---------- DATA RECORDS ----------

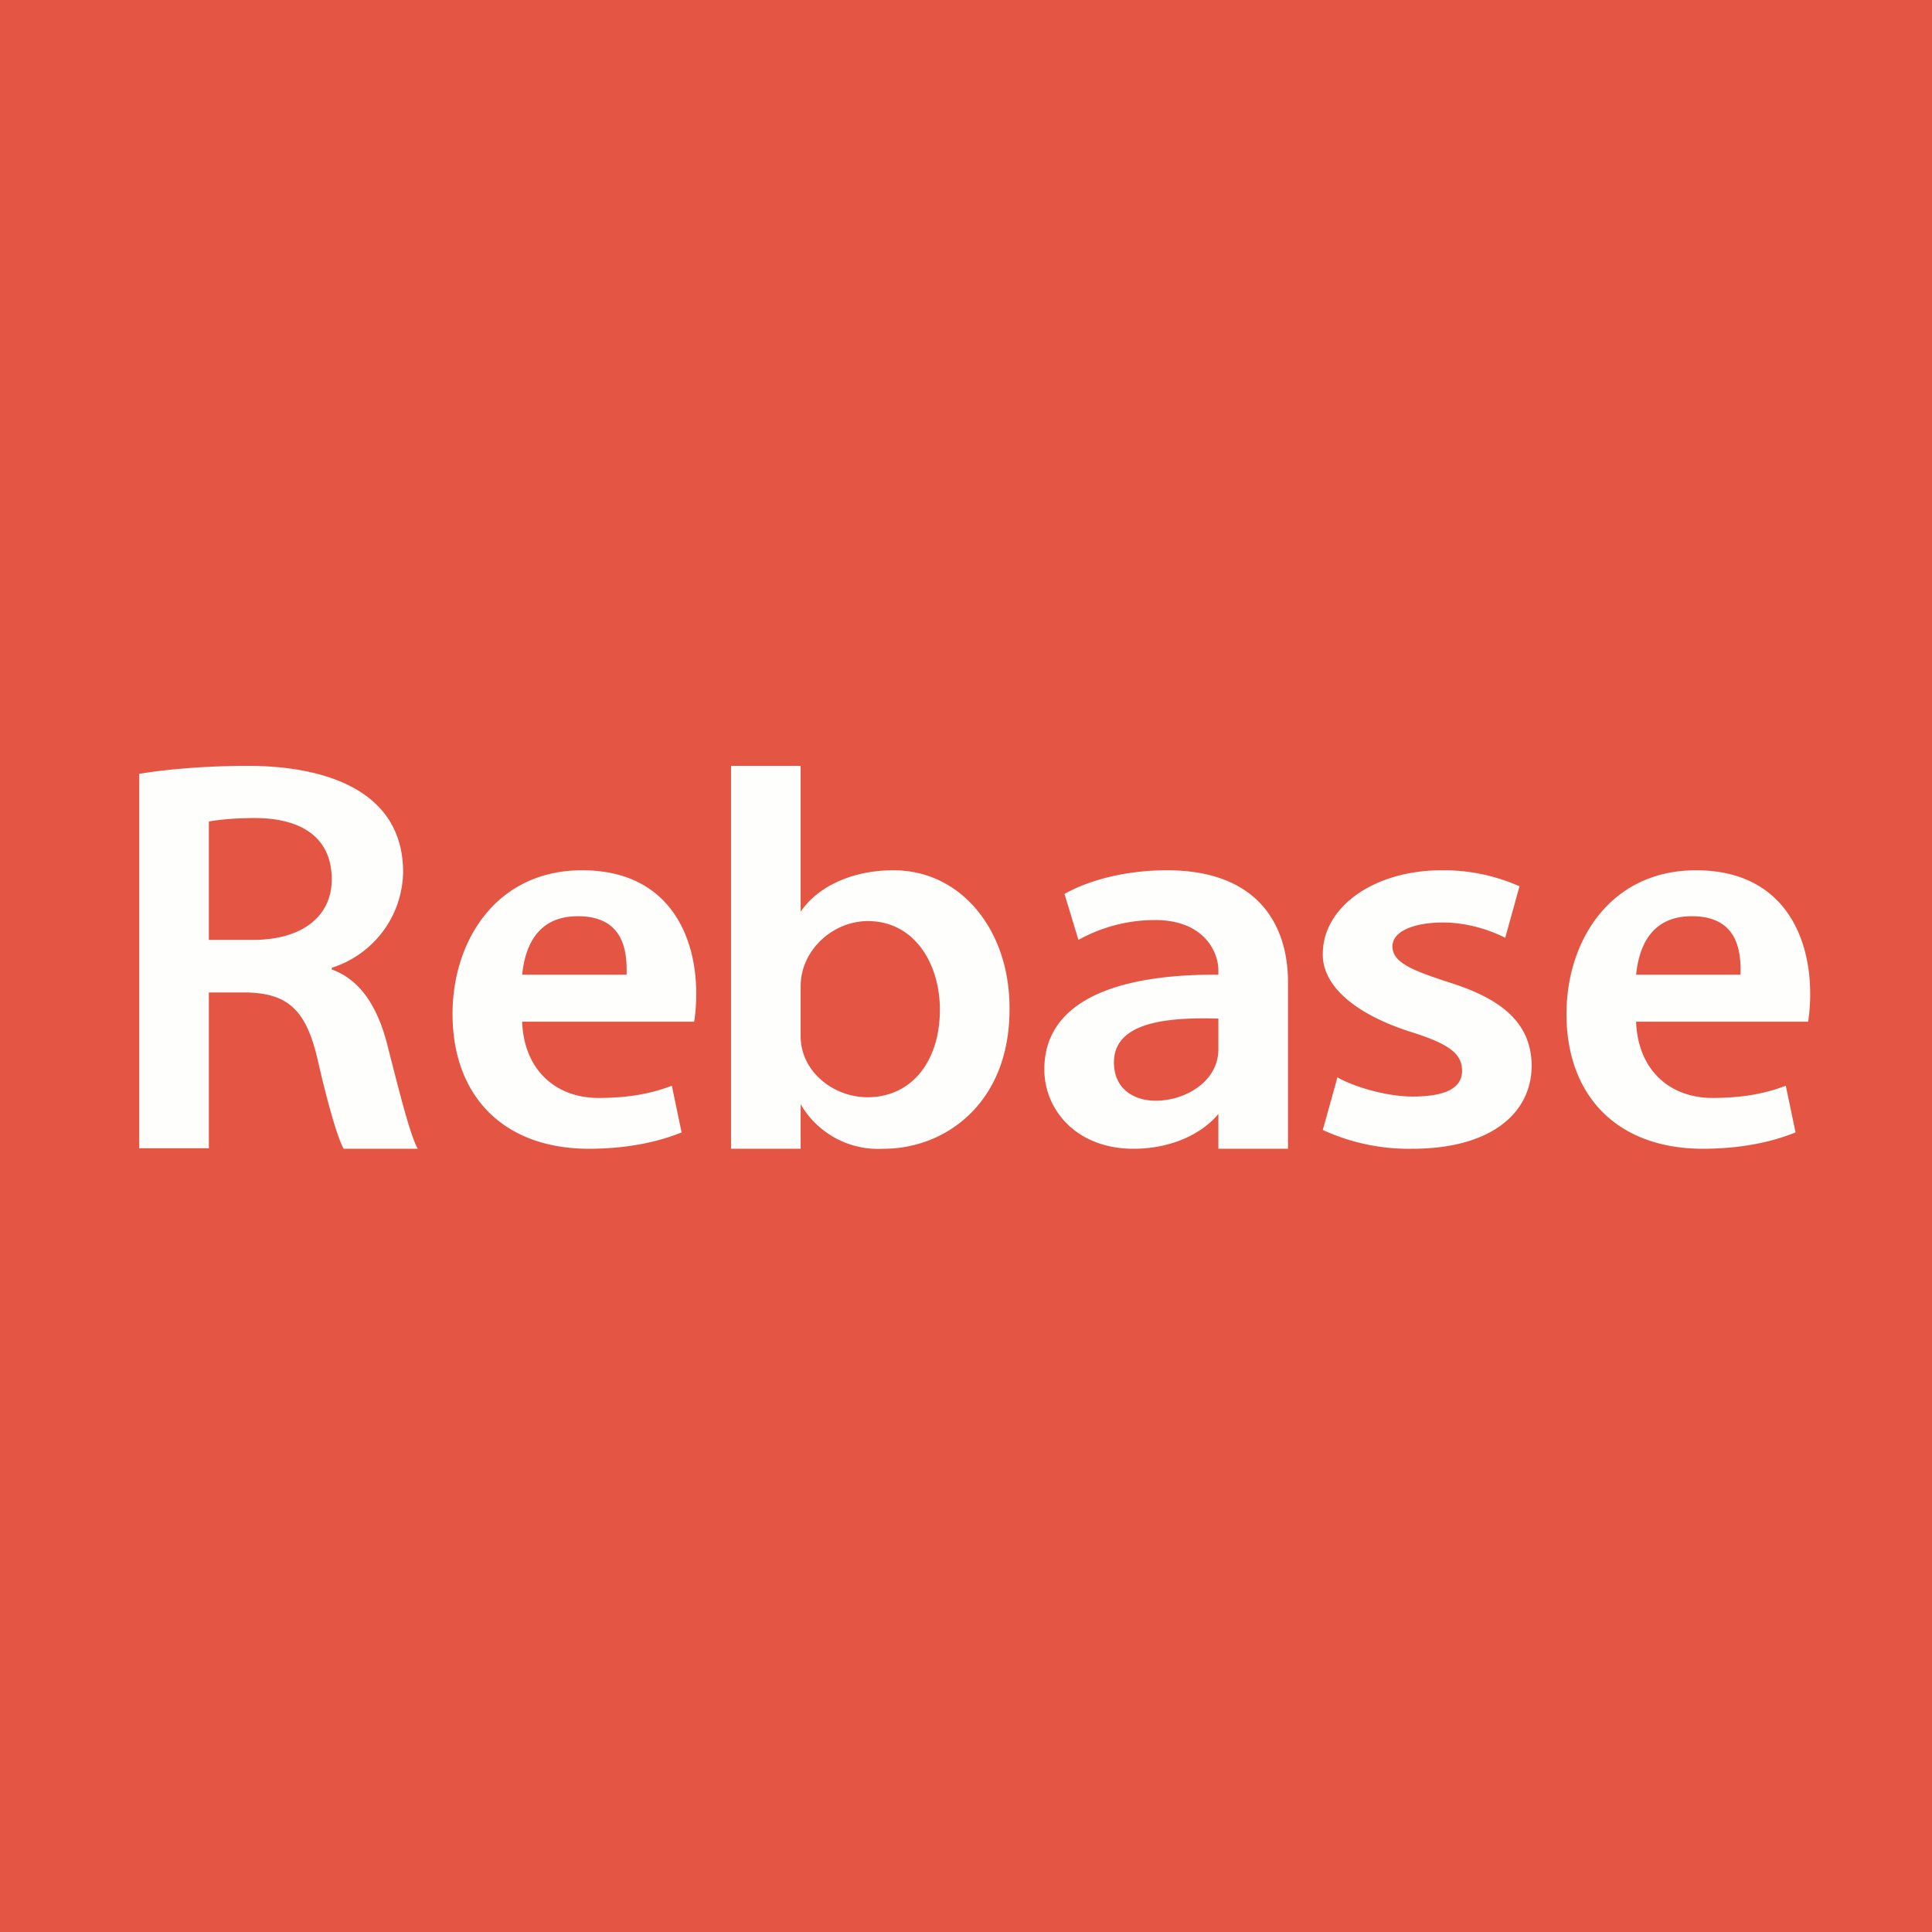 <?xml version="1.0" encoding="UTF-8"?>
<!-- generated by Finnhub -->
<svg viewBox="0 0 55.5 55.5" xmlns="http://www.w3.org/2000/svg">
<path d="M 0,0 H 55.5 V 55.5 H 0 Z" fill="rgb(228, 86, 67)"/>
<path d="M 3.99,32.985 H 6 V 28.51 H 7.09 C 8.26,28.54 8.79,29 9.12,30.42 C 9.43,31.78 9.7,32.68 9.87,33 H 12 C 11.77,32.58 11.46,31.32 11.11,29.95 C 10.83,28.9 10.34,28.14 9.53,27.85 V 27.8 A 2.93,2.93 0 0,0 11.58,25.06 C 11.58,22.6 9.15,22 7.12,22 C 5.92,22 4.77,22.1 4,22.23 V 33 Z M 6,23.6 C 6.2,23.56 6.67,23.5 7.32,23.5 C 8.66,23.5 9.53,24.06 9.53,25.26 C 9.53,26.34 8.66,27 7.27,27 H 6 V 23.6 Z M 19.94,29.35 C 19.97,29.18 20,28.9 20,28.54 C 20,26.85 19.19,25 16.72,25 C 14.28,25 13,27 13,29.13 C 13,31.47 14.45,33 16.92,33 C 18.02,33 18.92,32.8 19.58,32.53 L 19.3,31.19 C 18.72,31.41 18.08,31.54 17.19,31.54 C 15.97,31.54 15.05,30.74 15,29.35 H 19.94 Z M 15,28 C 15.08,27.21 15.42,26.32 16.6,26.32 C 17.9,26.32 18.02,27.29 18,28 H 15 Z M 51.94,29.35 C 51.97,29.18 52,28.9 52,28.54 C 52,26.85 51.19,25 48.72,25 C 46.28,25 45,27 45,29.13 C 45,31.47 46.45,33 48.92,33 C 50.02,33 50.92,32.8 51.58,32.53 L 51.3,31.19 C 50.72,31.41 50.08,31.54 49.19,31.54 C 47.97,31.54 47.05,30.74 47,29.35 H 51.94 Z M 47,28 C 47.08,27.21 47.42,26.32 48.6,26.32 C 49.9,26.32 50.02,27.29 50,28 H 47 Z M 23,33 V 31.72 A 2.57,2.57 0 0,0 25.38,33 C 27.18,33 29,31.67 29,29 C 29.02,26.74 27.62,25 25.67,25 C 24.47,25 23.49,25.47 23,26.19 V 22 H 21 V 33 H 23 Z M 23,28.33 C 23,27.3 23.92,26.46 24.93,26.46 C 26.28,26.46 27,27.7 27,29 C 27,30.5 26.18,31.52 24.92,31.52 C 23.94,31.52 23,30.78 23,29.77 V 28.33 Z M 37,33 V 28.22 C 37,26.56 36.13,25 33.52,25 C 32.24,25 31.19,25.33 30.58,25.68 L 30.98,27 A 4.52,4.52 0 0,1 33.18,26.43 C 34.61,26.43 35,27.37 35,27.87 V 28 C 32,27.98 30,28.79 30,30.72 C 30,31.88 30.92,33 32.56,33 C 33.61,33 34.5,32.6 35,32 V 33 H 37 Z M 35,30.14 C 35,31.07 34.05,31.62 33.2,31.62 C 32.56,31.62 32,31.27 32,30.52 C 32,29.35 33.55,29.22 35,29.26 V 30.14 Z M 38,32.46 A 5.9,5.9 0 0,0 40.57,33 C 42.8,33 44,32 44,30.6 C 43.98,29.47 43.27,28.76 41.75,28.26 C 40.67,27.91 40,27.68 40,27.19 C 40,26.72 40.69,26.5 41.45,26.5 C 42.2,26.5 42.87,26.75 43.24,26.94 L 43.65,25.46 A 5.37,5.37 0 0,0 41.42,25 C 39.46,25 38,26.06 38,27.4 C 37.98,28.3 38.9,29.13 40.55,29.65 C 41.59,29.98 42,30.25 42,30.76 C 42,31.26 41.52,31.5 40.58,31.5 C 39.82,31.5 38.9,31.22 38.42,30.95 L 38,32.46 Z" fill="rgb(254, 254, 253)"/>
</svg>

----------

* TASK BRIEF *
From the line containing "<!-- generated by Finnhub -->" down to the line containing "55.5 V 55.5" in the material above, reproduce every line exactly, including the two end lines.

* EXERCISE RESULT *
<!-- generated by Finnhub -->
<svg viewBox="0 0 55.5 55.5" xmlns="http://www.w3.org/2000/svg">
<path d="M 0,0 H 55.5 V 55.5 H 0 Z" fill="rgb(228, 86, 67)"/>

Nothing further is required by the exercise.